Sugar, (Marylin Monroe) dans Some Like It Hot, jeune candide ou incarnation du sex appeal?

Deuxièmement, une des caractéristiques majeures de ce genre comique se trouve dans l’importance accordée au point de vue. Les protagonistes de ces films, pensant juste d’endosser un costume, se retrouvent en réalité à devoir adopter un point de vue sur le genre opposé. Cette découverte est renforcée par un jeu de double regard : celui du protagoniste sur ce nouveau genre mais aussi celui du spectateur sur la séquence. Les trois réalisateurs, avec différentes approches de la mise en scène, détournent l’usage du regard, en particulier avec une réécriture du male gaze. Ce concept, développé par Laura Mulvey dans Plaisir visuel et Cinéma narratif3 (1975), montre qu’il existe une représentation dominante qui consiste à voir le film par le prisme du désir masculin voyeuriste porté sur le corps de la femme, qui serait alors dans la passivité. Chez Wilder, Pollack et Edwards, la scopophilie du spectateur n’est pas totalement absente mais est exploitée à d’autres fins. En effet, les séquences qui filment le corps de la femme révèlent plus de la curiosité que du simple désir charnel. Deux séquences en particulier montrent ce processus. La scène de la salle de bain dans Victor/Victoria, où le jeu avec l’espace et le décor rappellent des gags hérités de la comédie du cinéma muet, en est un premier exemple. En effet, King Marchand essaie de découvrir « la vraie nature » de Victoria et de confirmer sa théorie qu’il s’agit, en réalité, d’une femme. La séquence reprend certains éléments du male gaze traditionnel : l’homme regarde Victoria sans qu’elle le sache et le corps de la jeune femme est morcelé par le montage. En revanche, cette mise en scène renforce l’humour de la séquence : l’homme essaie de se cacher à plusieurs endroits. La caméra mobile suit ses déplacements nous montrant, à nous spectateurs, qu’il est sur le point de se faire prendre, puis suivant les déambulations de Victoria et de son ami Toddy dans la luxueuse chambre d’hôtel. L’aspect voyeuriste est alors désamorcé par le comique de la situation : comment va-t-il sortir de la suite ? De plus, la scène de révélation où il voit le corps dénudé de la femme semble montrer que sa satisfaction vient plus du fait qu’il avait raison et qu’il avait découvert l’identité cachée de Victoria plutôt que seulement du plaisir de la voir nue.
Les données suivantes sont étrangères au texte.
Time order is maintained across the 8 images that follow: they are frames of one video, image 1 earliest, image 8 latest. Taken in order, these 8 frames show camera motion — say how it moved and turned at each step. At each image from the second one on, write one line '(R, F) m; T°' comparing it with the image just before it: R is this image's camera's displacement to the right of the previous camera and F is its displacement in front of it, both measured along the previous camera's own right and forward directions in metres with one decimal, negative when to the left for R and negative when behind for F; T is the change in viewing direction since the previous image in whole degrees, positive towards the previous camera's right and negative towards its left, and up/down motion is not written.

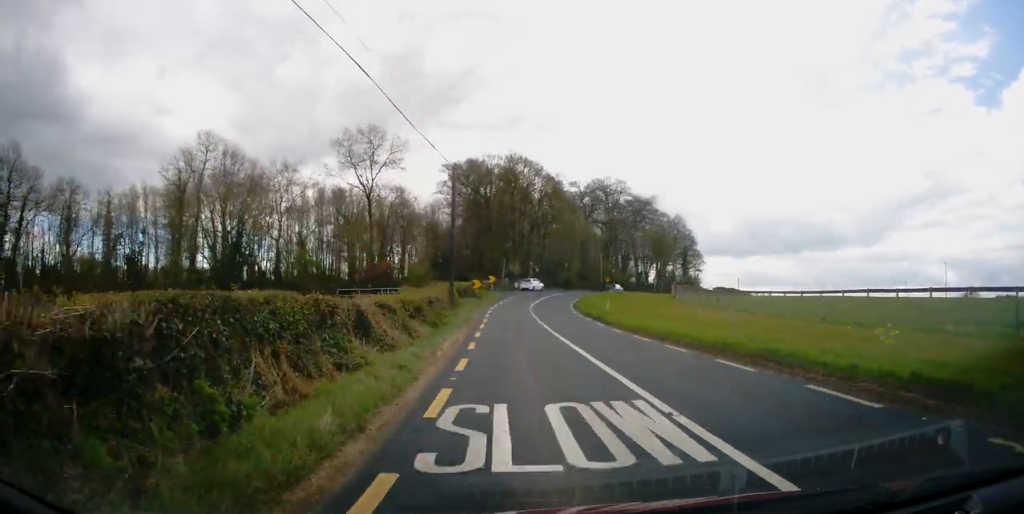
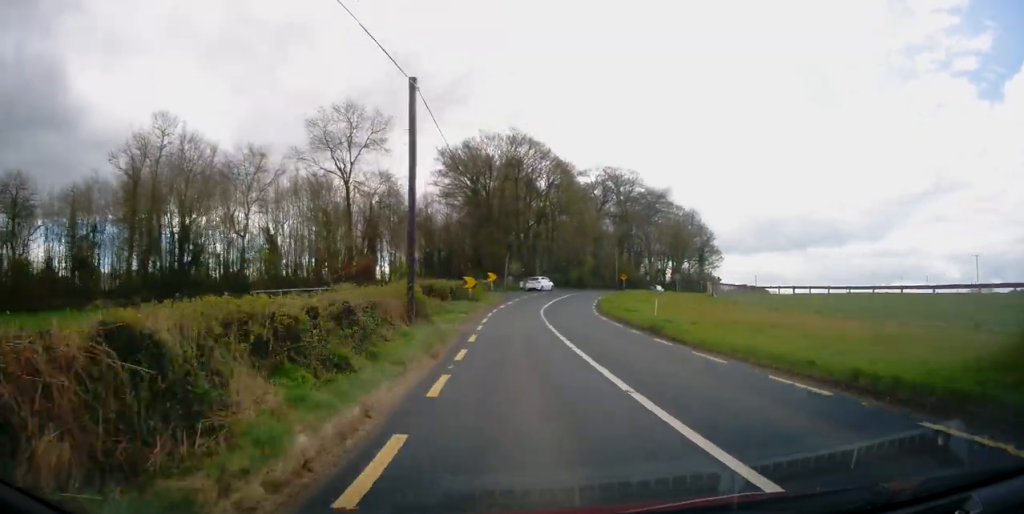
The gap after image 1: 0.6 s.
(+0.1, +11.2) m; 0°
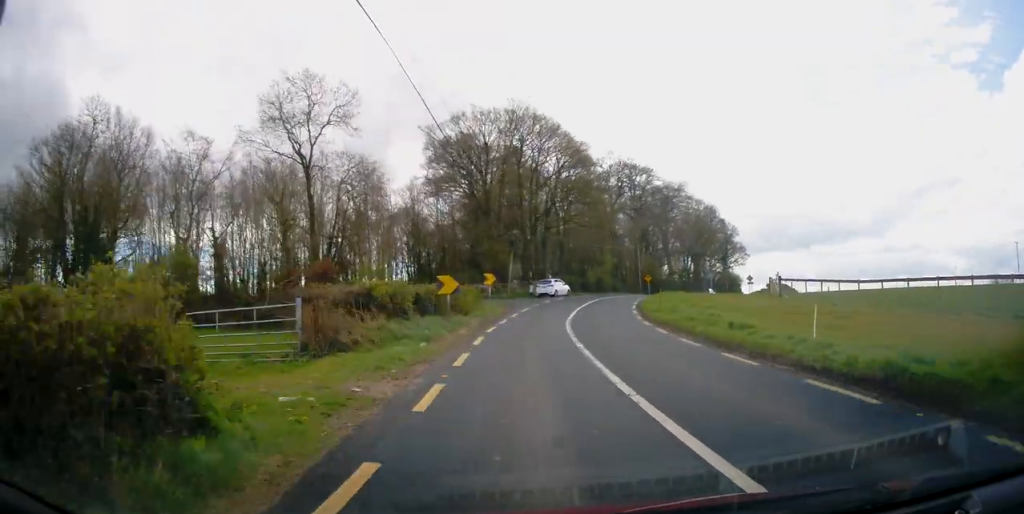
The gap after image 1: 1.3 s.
(-0.2, +13.4) m; 0°
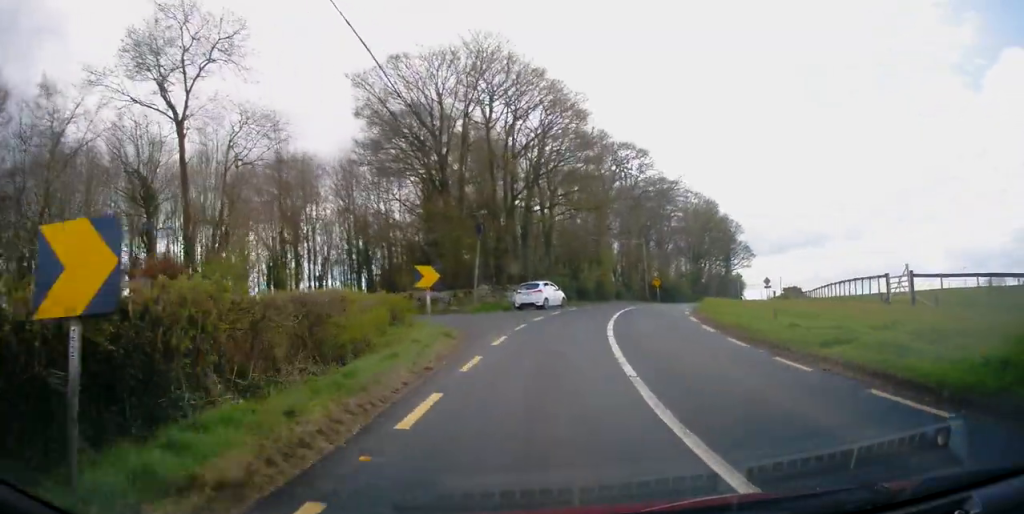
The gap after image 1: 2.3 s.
(+0.1, +17.8) m; +2°
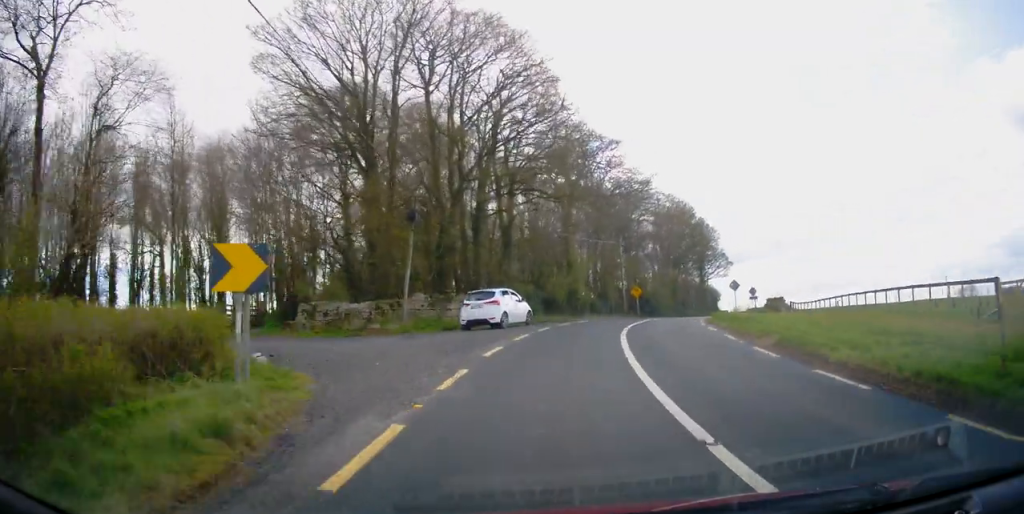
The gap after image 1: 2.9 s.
(+0.2, +10.0) m; +3°
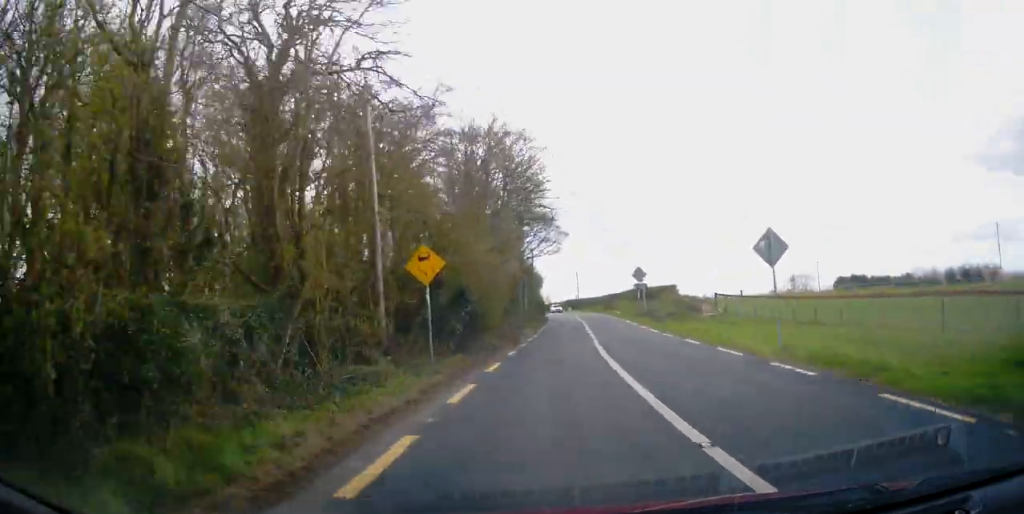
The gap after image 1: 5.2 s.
(+5.0, +36.3) m; +16°
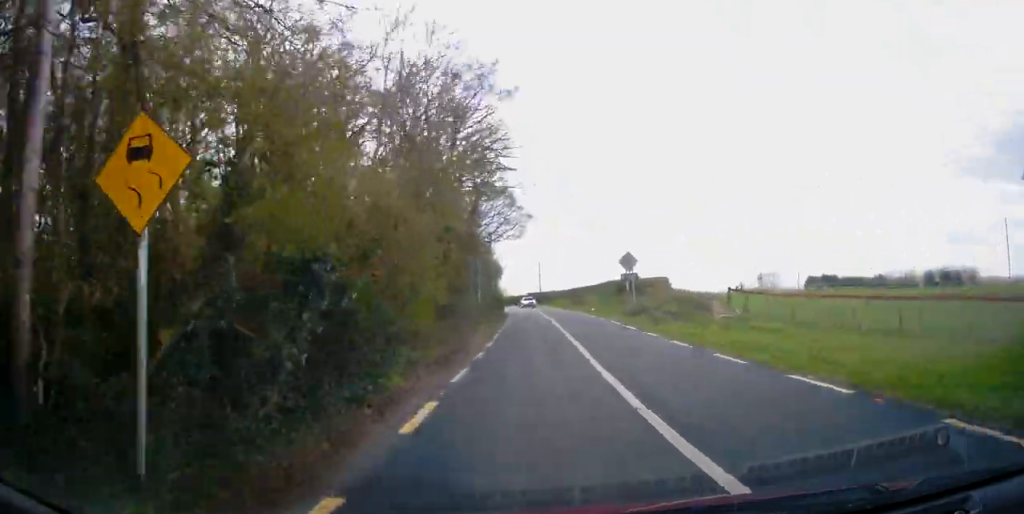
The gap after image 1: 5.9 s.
(+0.4, +10.0) m; +4°
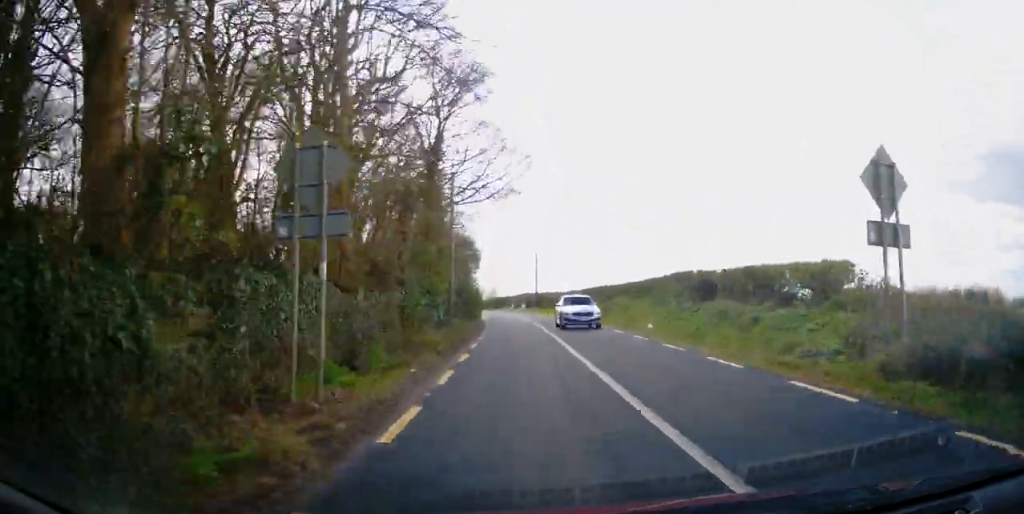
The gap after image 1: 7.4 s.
(+1.8, +24.7) m; +6°

Dans Tootsie et Some Like It Hot, l’humour de la situation vient aussi désamorcer le male gaze. Dans le film de Sidney Pollack, Michael, présenté comme Dorothy, entre dans un vestiaire où une femme en petite tenue se change. Le male gaze pourrait être présent parce que le corps féminin est objectifié et qu’elle ne se doute pas de la supercherie, mais la position de Michael l’empêche de succomber au désir : il doit avant tout garder son rôle. La nudité de la jeune femme nous rappelle aussi tout ce que Michael n’est pas physiquement, toujours couvert de maquillage et d’artifice, et vient ajouter un contraste comique. Dans Some Like It Hot, on retrouve le même procédé : alors que Jerry essaie de dormir, Sugar apparaît en nuisette dans sa couchette pour une soirée improvisée. Il s’ensuit une séquence burlesque basée sur l’accumulation des corps féminins qui s’entassent dans la toute petite couchette. Ce trop-plein amène Jerry à tirer sur la sonnette d’alarme. Le male gaze est alors entravé par le subterfuge qu’essaye de conserver Daphné, alter ego féminin de Jerry. La mise en scène, qui présente d’abord les corps féminins morcelés, des jambes sortant des couchettes, insiste sur le caractère oppressant de la séquence pour Jerry, bloqué par le cadrage, encerclé de femmes.

Enfin, la question de point de vue prend une autre dimension quand on considère également la mise en abyme présente dans les trois films. Chacun représente à sa façon une vision du spectacle et montre que les conventions de genre, même si elles dépassent le cadre de la scène, constituent aussi une performance en soi. Dans Tootsie, Jeff, le meilleur ami de Michael, parlera d’ailleurs du « meilleur rôle de sa carrière » pour parler du subterfuge du protagoniste. Sa position d’acteur lui donne un recul nécessaire pour pouvoir imiter une femme, montrant la fonction de l’acteur au cinéma : pouvoir être un corps modulable à l’écran. Pourtant, cette imitation ne suffit pas à vraiment comprendre les femmes, c’est seulement en subissant les attouchements d’un collègue de travail qu’il comprendra les problèmes auxquels sont confrontées les femmes quotidiennement. Ce même motif sera repris dans Some Like It Hot par le personnage, certes plus sympathique, d’Osgood, excité par Daphné, la Jerry au féminin, qu’il ne manquera pas d’embrasser de force dans une scène d’ascenseur inspirée du cinéma burlesque.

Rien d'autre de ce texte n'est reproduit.